▸ **WORK TASK**
Give back, exactly as written, the lines from the beginning of the listing through the one that contains "bunches on the".
-- EXERCISE INPUTS follows --
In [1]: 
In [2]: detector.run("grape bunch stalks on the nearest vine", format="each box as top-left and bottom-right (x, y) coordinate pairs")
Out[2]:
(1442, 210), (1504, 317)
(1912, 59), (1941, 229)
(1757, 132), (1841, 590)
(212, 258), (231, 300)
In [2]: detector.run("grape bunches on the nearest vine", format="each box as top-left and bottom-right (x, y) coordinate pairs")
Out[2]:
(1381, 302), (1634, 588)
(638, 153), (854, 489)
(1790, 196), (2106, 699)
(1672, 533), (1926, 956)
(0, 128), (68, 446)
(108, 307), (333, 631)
-- EXERCISE INPUTS concluded --
▸ **RESULT BELOW**
In [1]: 
In [2]: detector.run("grape bunch stalks on the nearest vine", format="each box as top-left and bottom-right (x, y) coordinate pairs")
Out[2]:
(1442, 210), (1504, 317)
(1912, 59), (1941, 229)
(1757, 132), (1841, 590)
(212, 258), (231, 300)
In [2]: detector.run("grape bunches on the nearest vine", format="each box as top-left and bottom-right (x, y) coordinate pairs")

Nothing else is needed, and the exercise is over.